Autor: SUSANNE ECKSTEIN, 25.03.2013

Singen gegen den Strom

REUTLINGEN:Das Kreuz und seine christliche Bedeutung standen im Zentrum eines a-cappella-Konzerts des Kammerchors Reutlingen in der Katharinenkirche.

Erst im Januar 2012 hat Roman Schmid den Kammerchor übernommen, nun muss er - aus familiären Gründen -die Leitung wieder abgeben. Doch offenbar hat er in diesem Jahr den Chor auf dessen steter Suche nach Neuem auf seine Weise geprägt, das Konzert in der Katharinenkirche sprach dafür.

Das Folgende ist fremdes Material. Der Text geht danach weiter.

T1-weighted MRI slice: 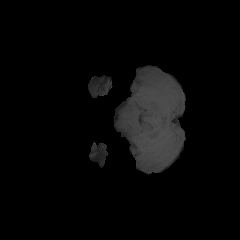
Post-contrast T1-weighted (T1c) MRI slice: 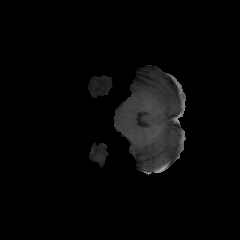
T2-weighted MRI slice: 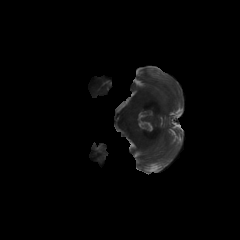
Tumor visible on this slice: no
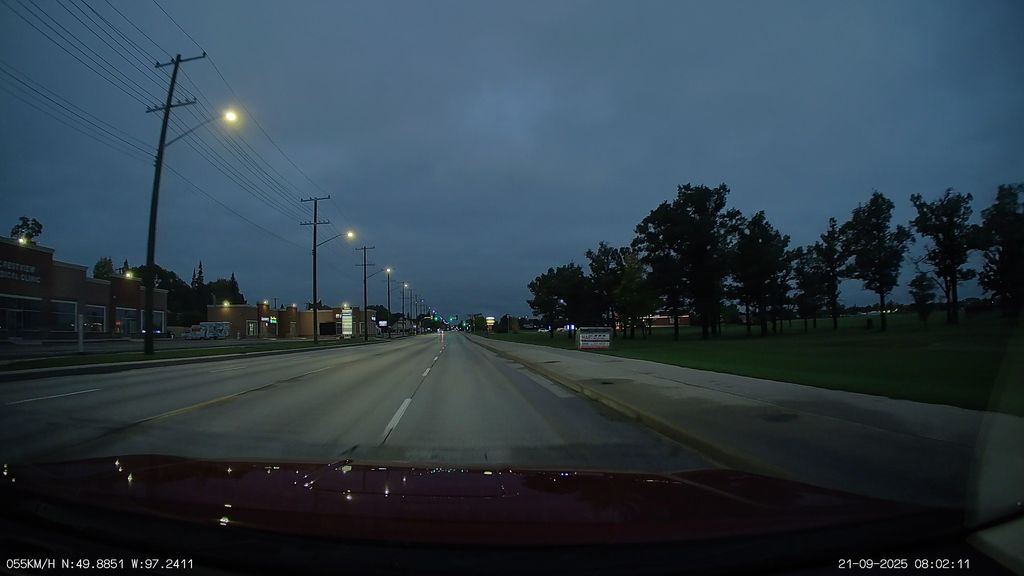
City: winnipeg
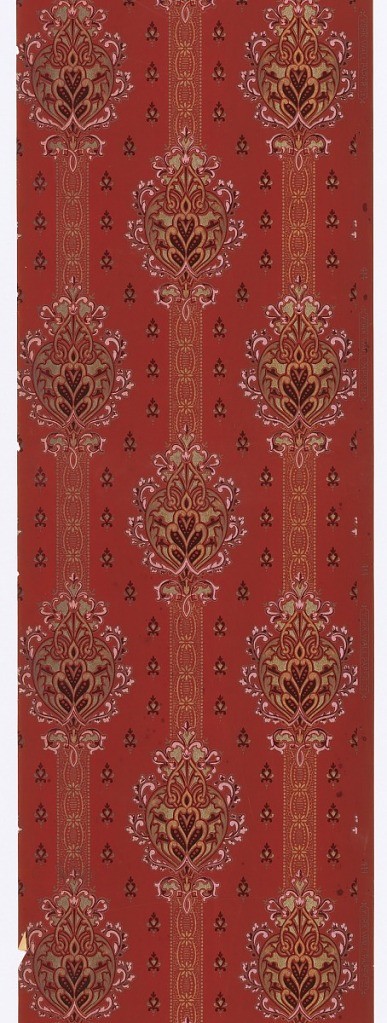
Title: Sidewall
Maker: York Wall Paper Company, 1895
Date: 1905–1915
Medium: Machine-printed paper
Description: Large-scale foliate medallion on stripe pattern. Small medallion motifs fill the background. Printed in metallic gold, pink, and red on red ground.
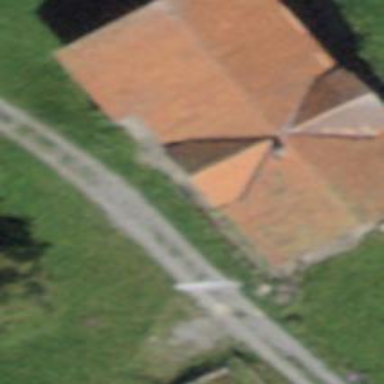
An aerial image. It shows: Farm building.
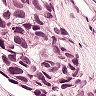
Metastatic tissue present: yes
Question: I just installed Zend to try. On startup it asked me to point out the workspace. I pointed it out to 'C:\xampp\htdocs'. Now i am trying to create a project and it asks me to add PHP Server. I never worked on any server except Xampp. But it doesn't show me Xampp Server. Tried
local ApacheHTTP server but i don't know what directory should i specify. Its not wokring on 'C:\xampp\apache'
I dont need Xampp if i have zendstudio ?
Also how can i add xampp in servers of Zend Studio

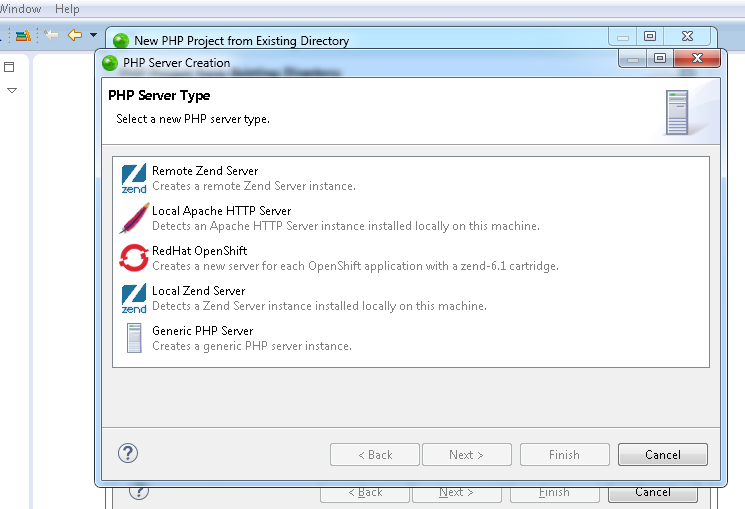
Answer: You just need to select "Local Apache HTTP Server" then point it to your "conf" folder.
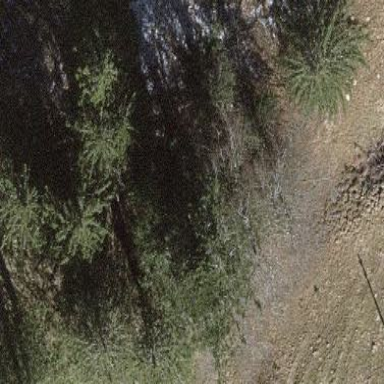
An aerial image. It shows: Forest with mixed leaf types and cycles.
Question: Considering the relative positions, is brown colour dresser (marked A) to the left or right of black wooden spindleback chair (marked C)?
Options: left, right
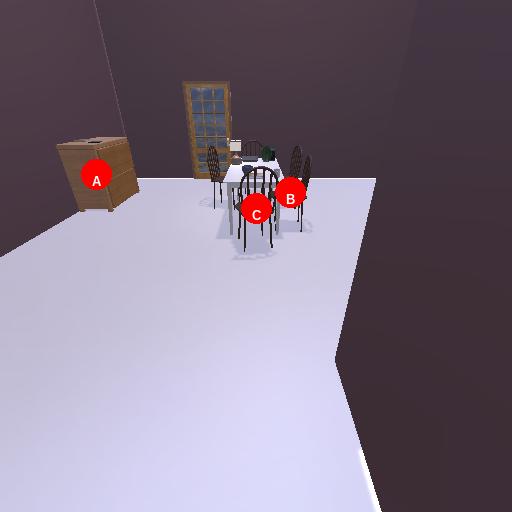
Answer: left
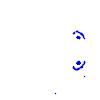
Particle: electron
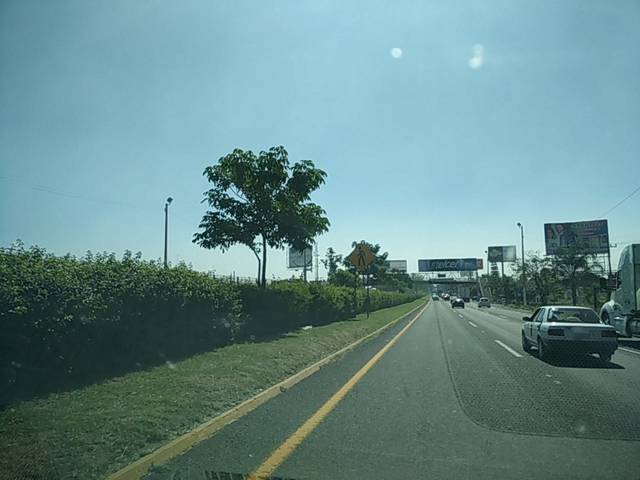
Region: Mexico
Coordinates: 20.563, -103.308
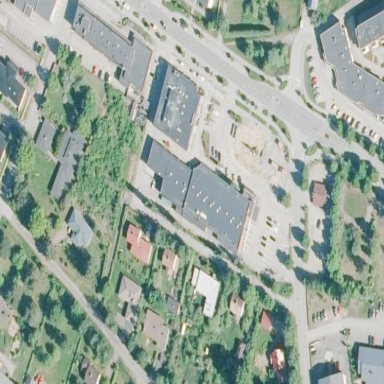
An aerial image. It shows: Retail building.
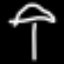
Label: mushroom
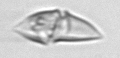
Label: Gyrodinium
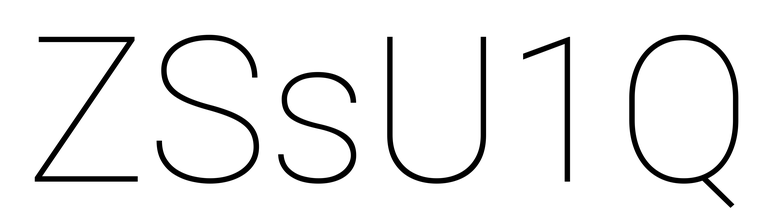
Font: Roboto_Thin
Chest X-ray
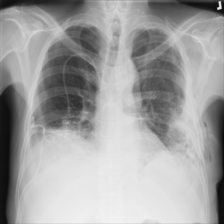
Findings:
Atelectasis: positive
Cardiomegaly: negative
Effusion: negative
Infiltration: positive
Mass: negative
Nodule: negative
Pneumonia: negative
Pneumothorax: positive
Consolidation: negative
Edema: negative
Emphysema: negative
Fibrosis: negative
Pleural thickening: negative
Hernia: negative
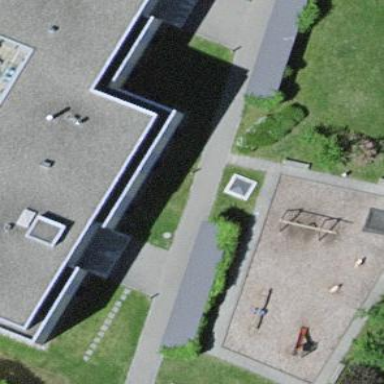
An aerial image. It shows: Playground area for leisure activities on the land.
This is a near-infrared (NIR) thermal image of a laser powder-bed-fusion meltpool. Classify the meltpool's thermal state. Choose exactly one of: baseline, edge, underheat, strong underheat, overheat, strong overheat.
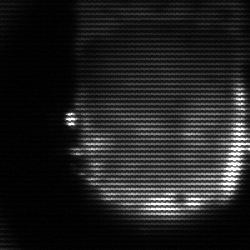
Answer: baseline

A-cappella-Sätze von Heinrich Schütz, Johann Hermann Schein, Johann Crüger und Melchior Franck sowie von Roman Schmid vorgetragene kurze Lesungen zum Thema "Kreuz und Passion" umrahmten ein gewichtiges Zentrum mit einem antiken Kern, dem Hymnus "Crux fidelis" des spätrömischen Dichters Venantius Fortunatus, der als gregorianischer Choral und in verschiedenen Vertonungen noch heute einen bedeutsamen Teil der katholischen Karfreitagsliturgie darstellt. Dessen Text, in dem das Kreuz als "edler Baum" und "süßes Holz" angesprochen wird, wurde von Schmid in einer poetischen Übertragung verlesen, allerdings erst später im Programm, ohne direkte Verbindung zu der improvisierten Variationenfolge über diesen Hymnus in der schlichten, doch harmonisch raffinierten Vertonung von Giovanni Pierluigi da Palestrina.

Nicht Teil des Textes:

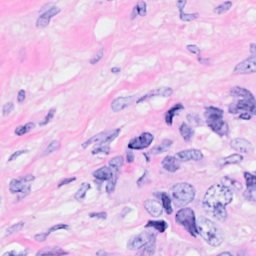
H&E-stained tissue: Breast
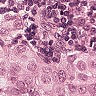
Metastatic tissue present: yes
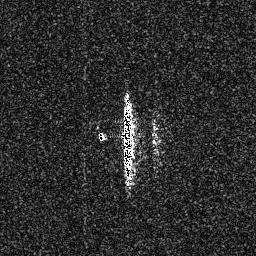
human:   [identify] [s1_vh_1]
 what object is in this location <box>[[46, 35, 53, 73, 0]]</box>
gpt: <ref>1 large ship at the center</ref>
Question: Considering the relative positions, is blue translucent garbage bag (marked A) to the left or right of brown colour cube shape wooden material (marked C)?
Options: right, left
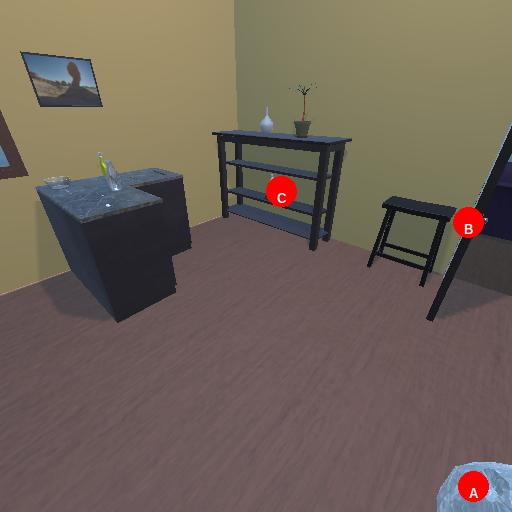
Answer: right
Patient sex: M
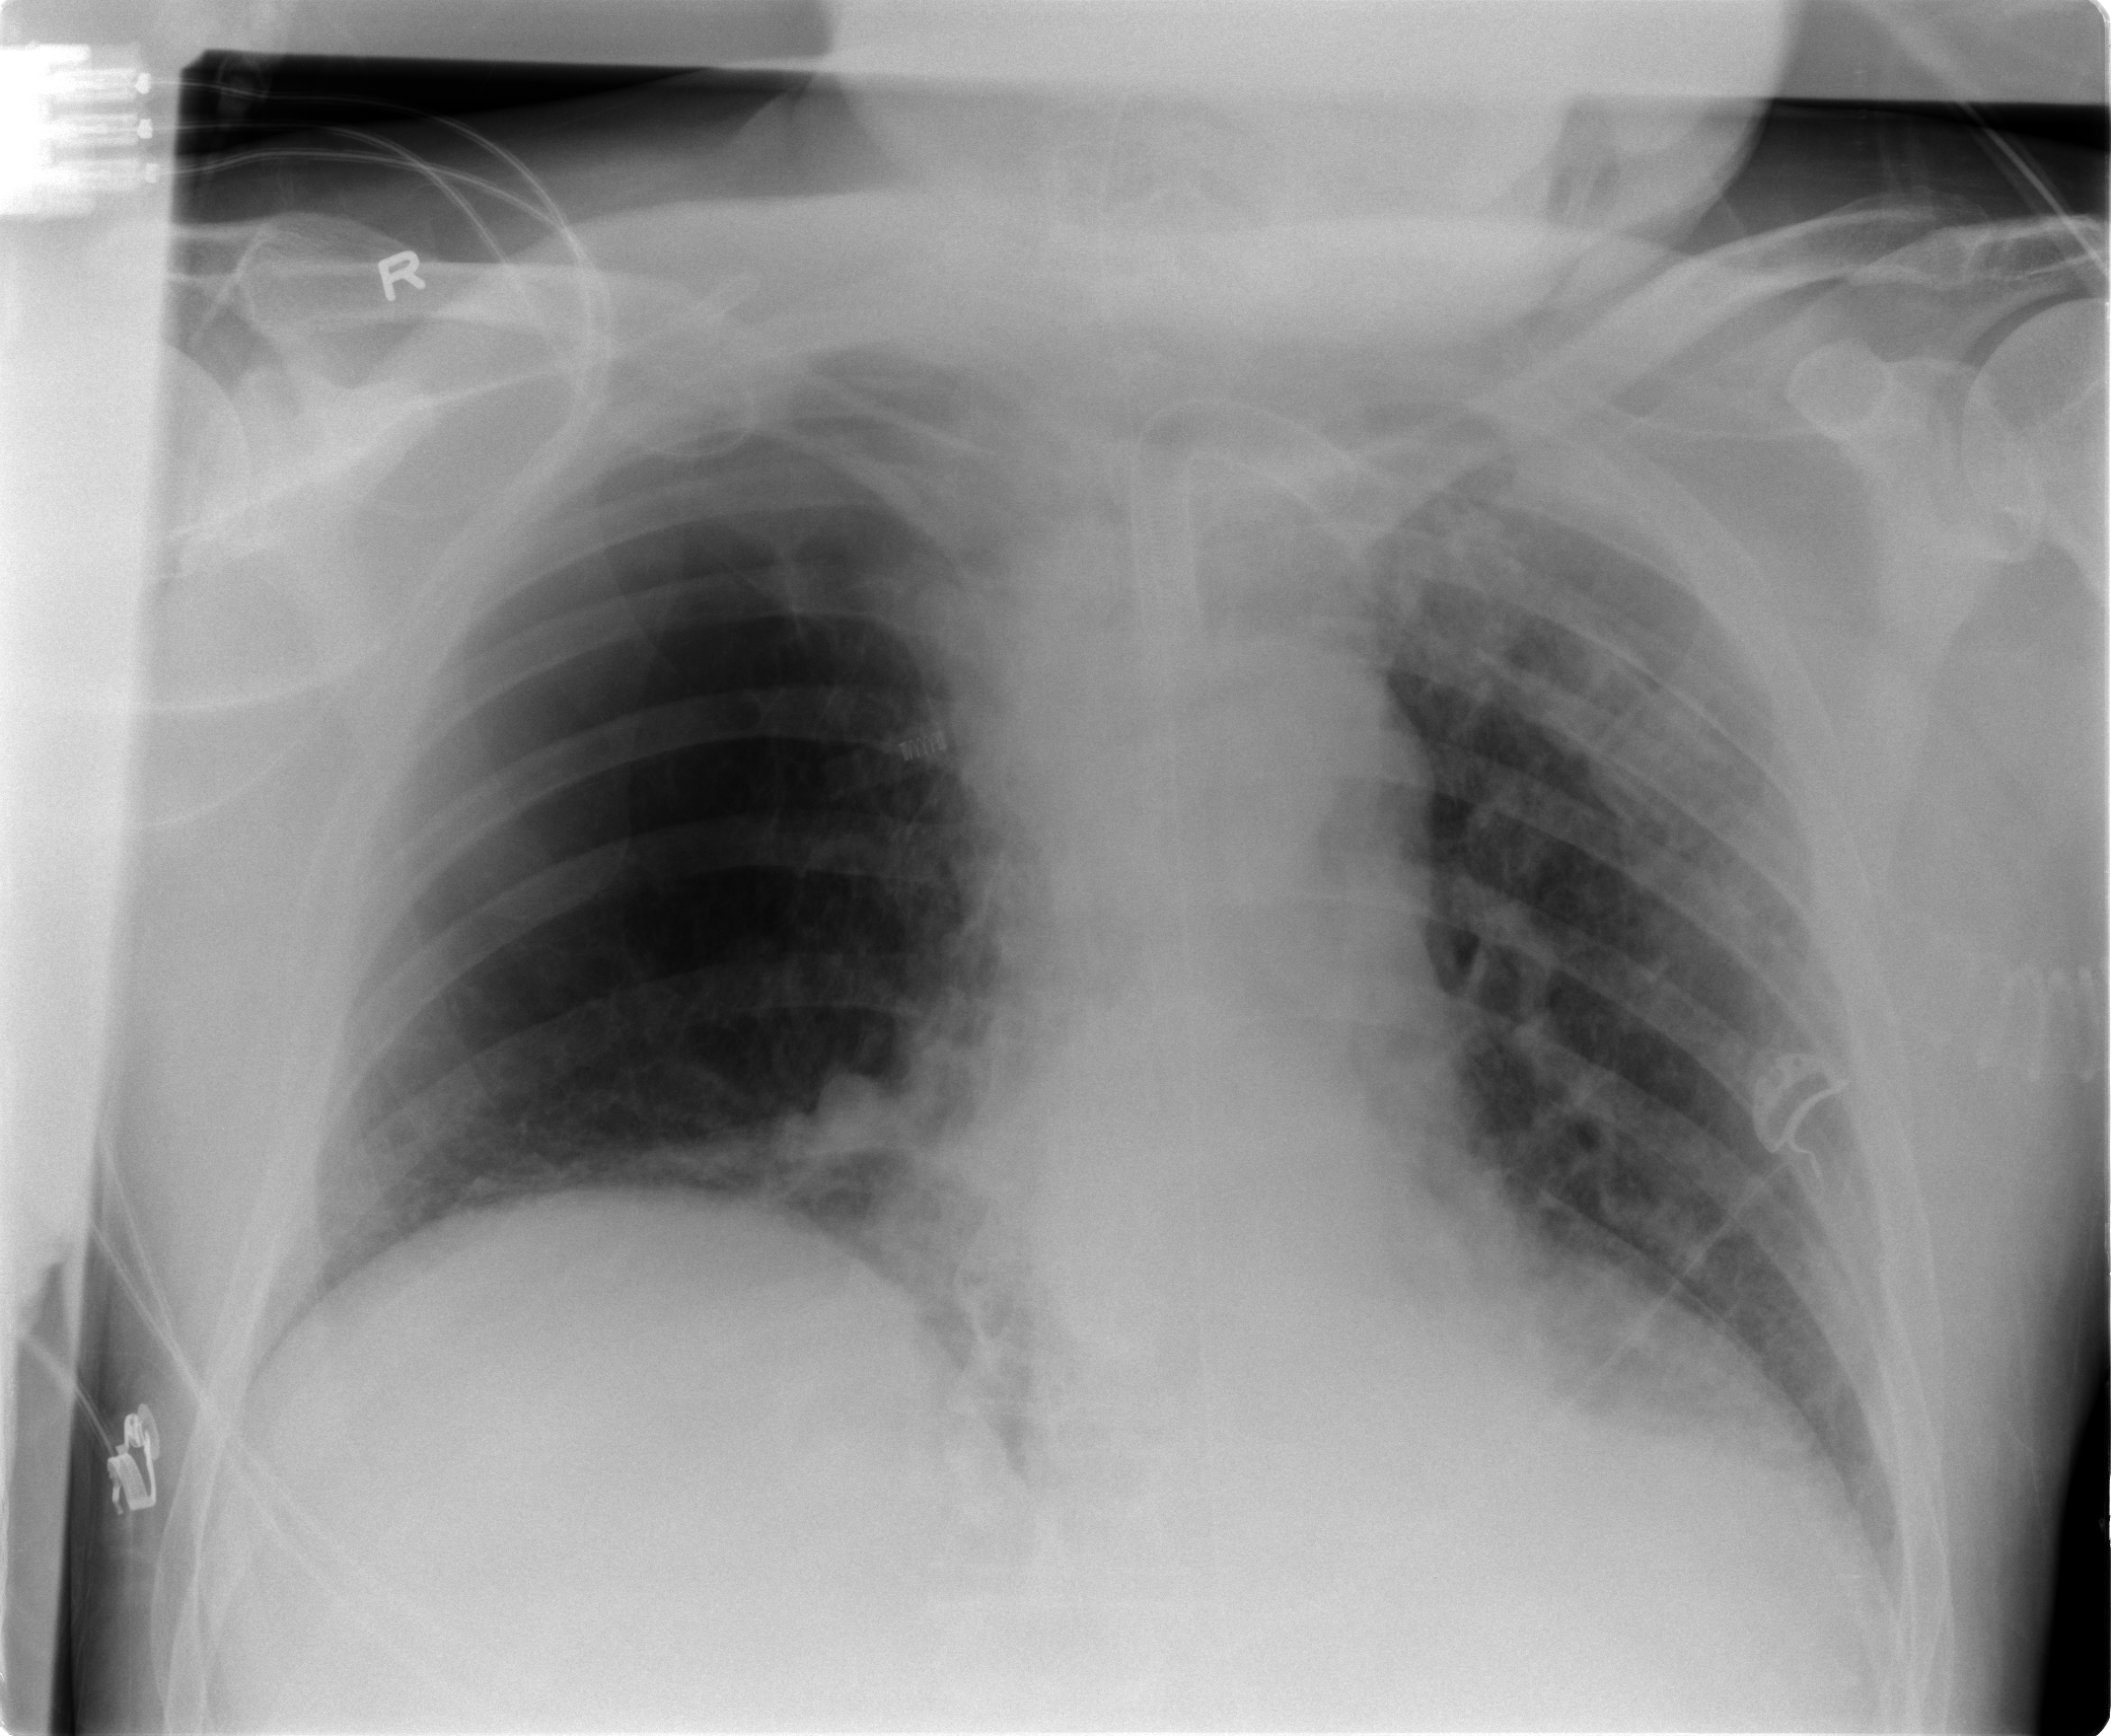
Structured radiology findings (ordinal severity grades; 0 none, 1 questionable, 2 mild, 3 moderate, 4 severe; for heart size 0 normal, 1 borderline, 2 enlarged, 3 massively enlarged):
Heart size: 0
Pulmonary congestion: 0
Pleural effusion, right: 0
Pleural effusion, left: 2
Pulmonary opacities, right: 0
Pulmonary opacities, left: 2
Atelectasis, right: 2
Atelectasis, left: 2

Mit der vom Dirigenten geführten, meditativen Improvisation wagte sich der Kammerchor weit nach vorne. Jede Chorsängerin, jeder Chorsänger ist dabei gehalten, musikalisch aus der Gruppe herauszustreten und - für normale Chorsänger undenkbar - quasi gegen den Strom zu singen. Es beginnt mit einem Atem- und Stimmengewirr aus Schnaufen, Seufzen, Ächzen, leidend hervorgestoßenem "O crux", gefolgt vom gregorianischen Choral auf diesen Text, ausdrucksstark vorgetragen von Roman Schmid, grundiert durch den Chor.

Die Palestrina-Vertonung wird verfremdet, indem die Singenden spontan und sukzessive eine Silbe festhalten, quasi einfrieren, so dass Palestrinas Ideal-Harmonie in ein schmerzhaft dissonantes Stimmengeflecht verwandelt wird. Einzelworte leuchten auf, ein Summchor verdichtet sich zum Cluster, die 30 Stimmen vervielfachen sich zum üppigen Monumentalklang. Das eherne Chorgesetz der Gleichzeitigkeit wird aufgegeben, die Stimmen laufen selbständig nebeneinander her. Worte wie "Wald", "Kreuz", "süß" treffen auf expressive Glissandi, die Struktur wird kanonartig versetzt. Den Abschluss bildet - sehr effektvoll - Palestrinas Original, gefolgt vom seufzenden Sprechchor. Reichlich Stoff für die Ohren, zum Nachfühlen und Nachdenken! Das mutige Chor-Experiment und die sauber vorgetragenen barocken A-cappella-Sätze litten ein wenig unter den Umständen. So engagiert und sicher die Sängerinnen und Sänger ihren schwierigen Part meisterten, so problematisch war die Raumakustik. Zwar bildet die kleine, reich ornamentierte und liebevoll instand gehaltene neugotische Katharinenkirche optisch einen wunderbaren Rahmen, der wie gemacht scheint für den Kammerchor, doch der Klang wirkt erbarmungslos karg und trocken - es fehlt hier der Nachhall, der die Musik in eine klangvolle, sakrale Aura hüllen könnte.

Dennoch gab es herzlichen Applaus der Zuhörer, und Pfarrerin Ursula Heller schien den Chor am liebsten gleich dabehalten zu wollen; er füllte offenbar eine schmerzliche Lücke und bot seit langem wieder einmal ein richtiges Chorkonzert in der kleinsten Kirchengemeinde Reutlingens.